↓↓↓

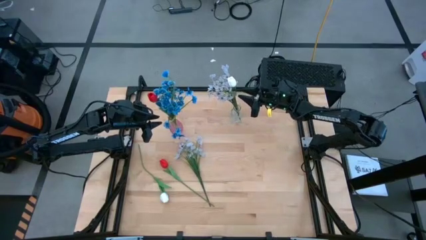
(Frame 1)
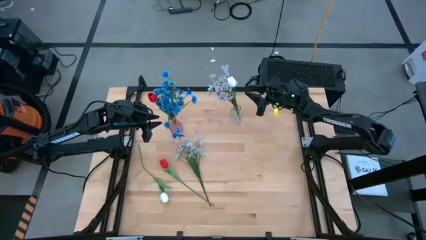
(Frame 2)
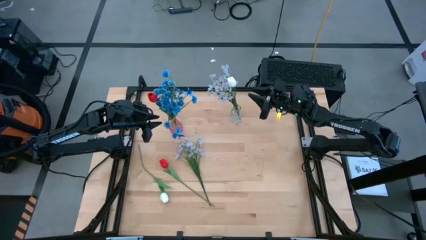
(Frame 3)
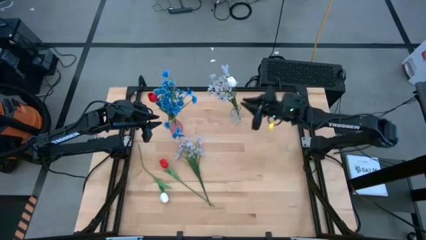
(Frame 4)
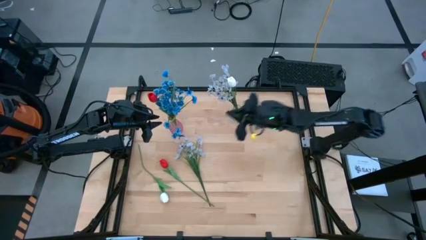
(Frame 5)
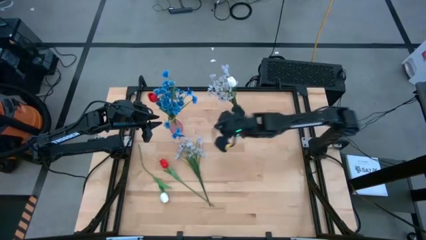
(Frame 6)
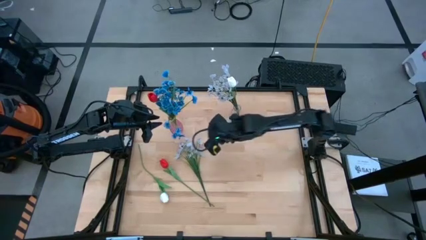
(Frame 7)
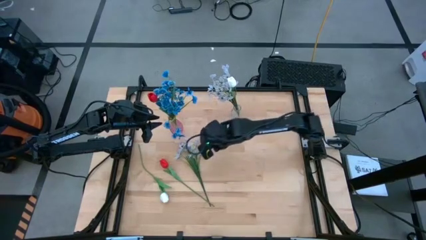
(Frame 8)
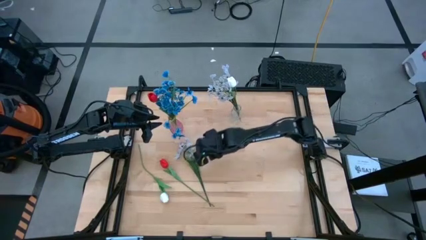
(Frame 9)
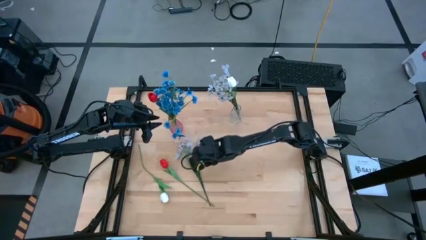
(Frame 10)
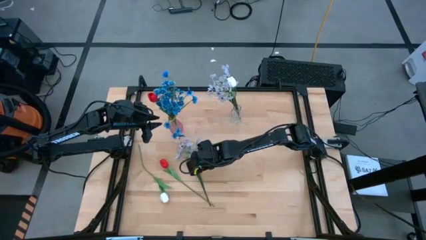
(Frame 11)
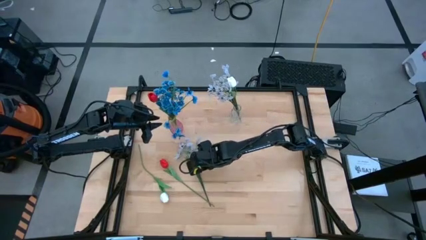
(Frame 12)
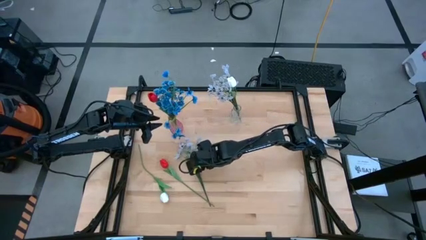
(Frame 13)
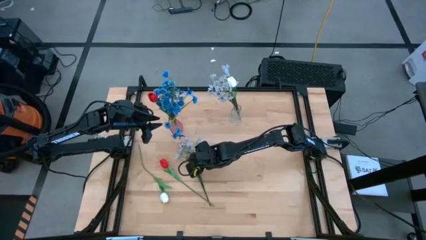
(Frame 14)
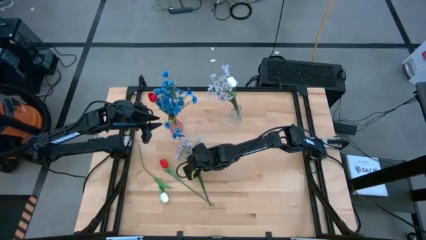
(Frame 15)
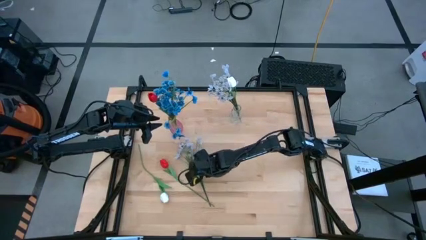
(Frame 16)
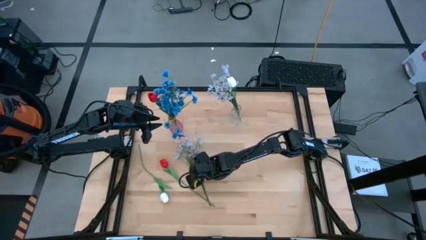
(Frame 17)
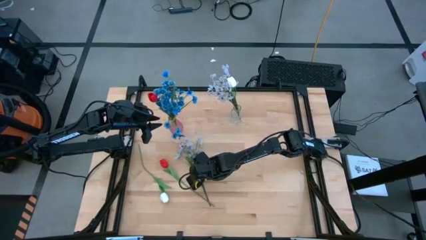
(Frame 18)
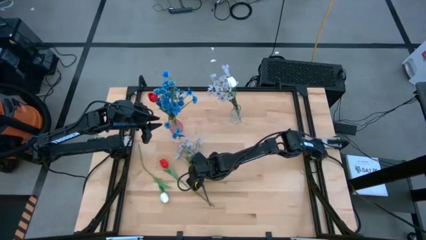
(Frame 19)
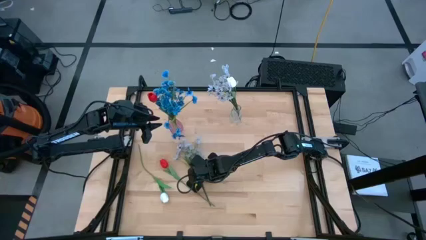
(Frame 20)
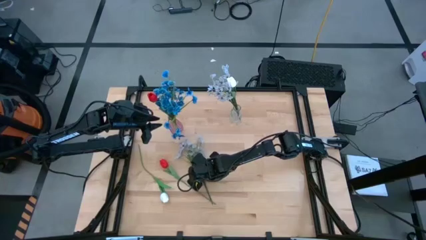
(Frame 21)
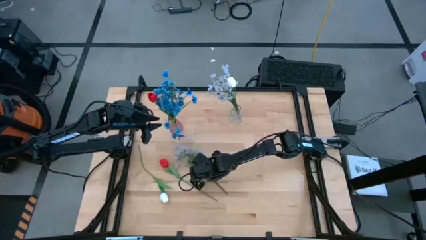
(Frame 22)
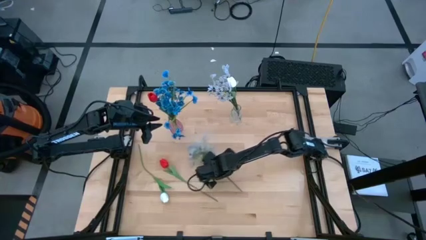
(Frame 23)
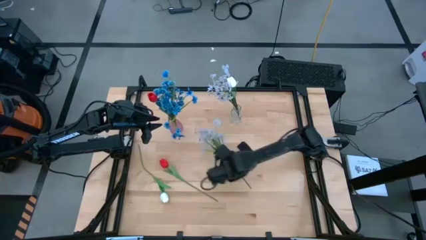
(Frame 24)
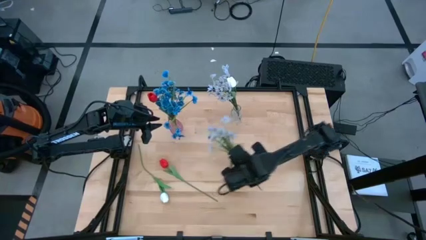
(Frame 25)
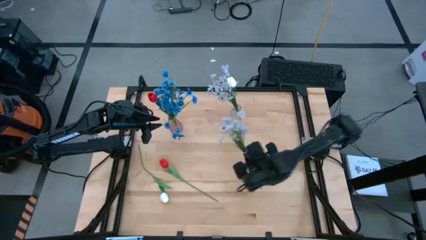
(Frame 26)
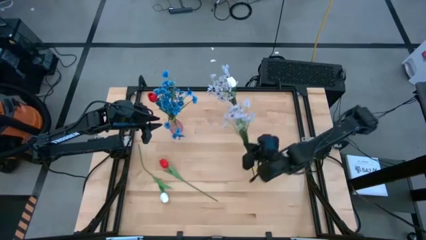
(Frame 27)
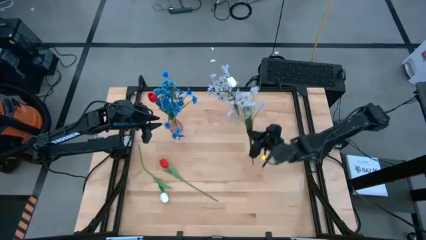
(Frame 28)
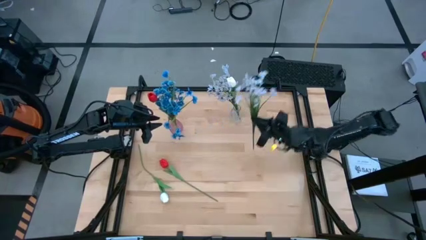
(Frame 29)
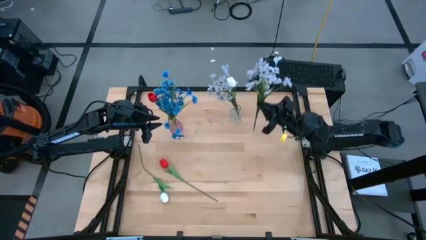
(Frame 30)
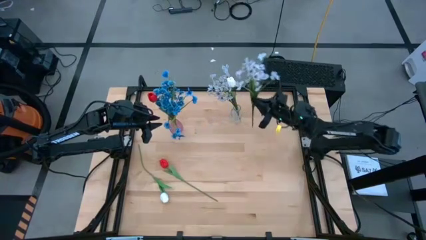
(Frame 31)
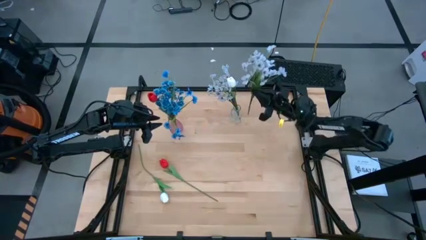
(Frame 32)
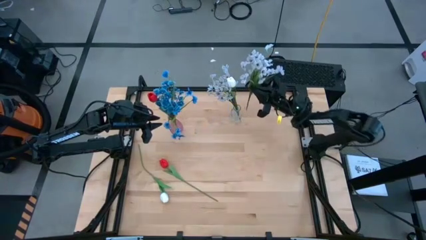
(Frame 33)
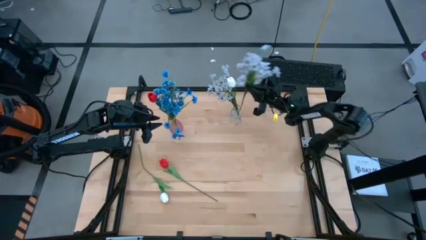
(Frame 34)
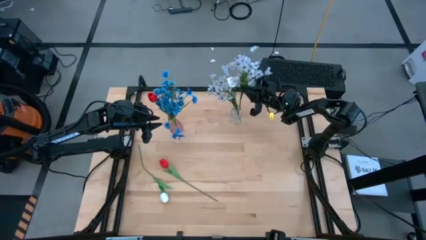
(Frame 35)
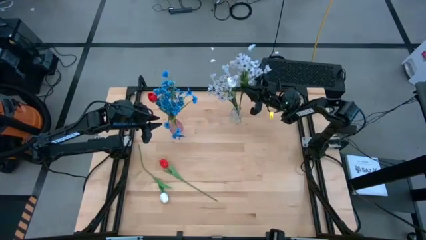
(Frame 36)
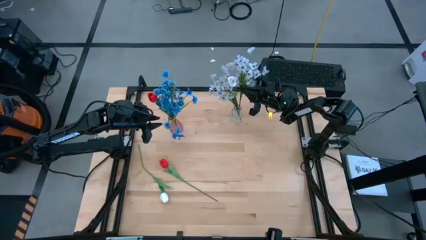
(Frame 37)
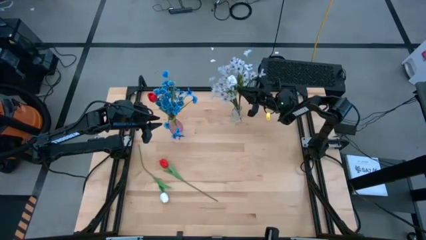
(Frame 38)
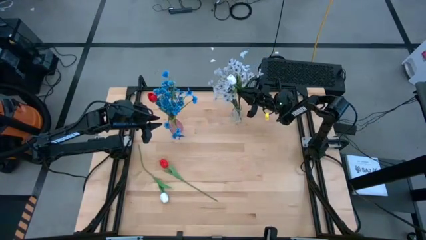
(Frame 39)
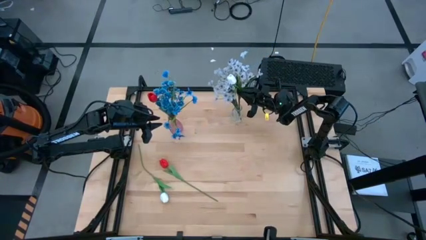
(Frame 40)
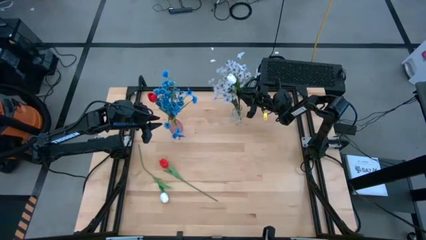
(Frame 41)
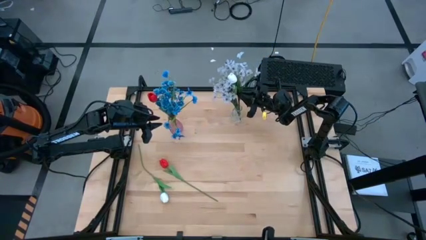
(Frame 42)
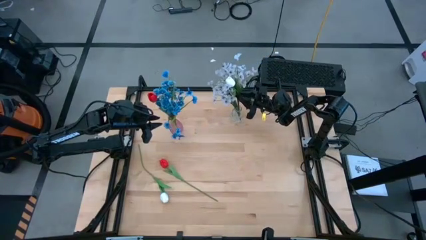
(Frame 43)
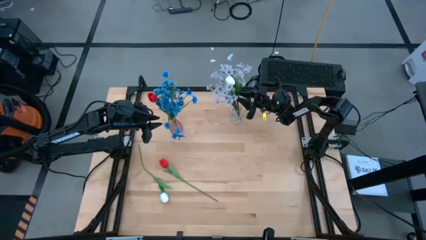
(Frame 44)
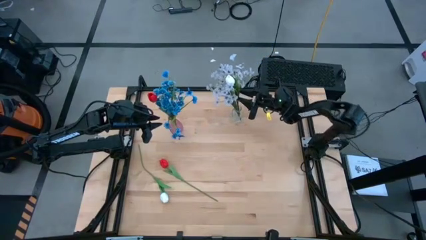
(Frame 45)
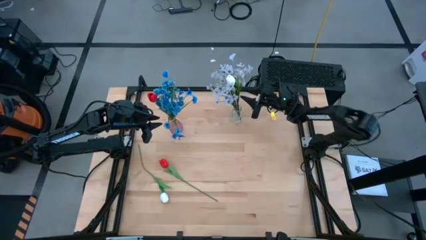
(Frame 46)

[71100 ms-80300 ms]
Task: Sort flowers into vase by color
Put the white flowers into the transparent vase

↑↑↑

== What the exercise asks ==
Exact repetition of all the records is required, with the pictures excluded.

== Solution to this task ==
(Frame 1)
(Frame 2)
(Frame 3)
(Frame 4)
(Frame 5)
(Frame 6)
(Frame 7)
(Frame 8)
(Frame 9)
(Frame 10)
(Frame 11)
(Frame 12)
(Frame 13)
(Frame 14)
(Frame 15)
(Frame 16)
(Frame 17)
(Frame 18)
(Frame 19)
(Frame 20)
(Frame 21)
(Frame 22)
(Frame 23)
(Frame 24)
(Frame 25)
(Frame 26)
(Frame 27)
(Frame 28)
(Frame 29)
(Frame 30)
(Frame 31)
(Frame 32)
(Frame 33)
(Frame 34)
(Frame 35)
(Frame 36)
(Frame 37)
(Frame 38)
(Frame 39)
(Frame 40)
(Frame 41)
(Frame 42)
(Frame 43)
(Frame 44)
(Frame 45)
(Frame 46)

[71100 ms-80300 ms]
Task: Sort flowers into vase by color
Put the white flowers into the transparent vase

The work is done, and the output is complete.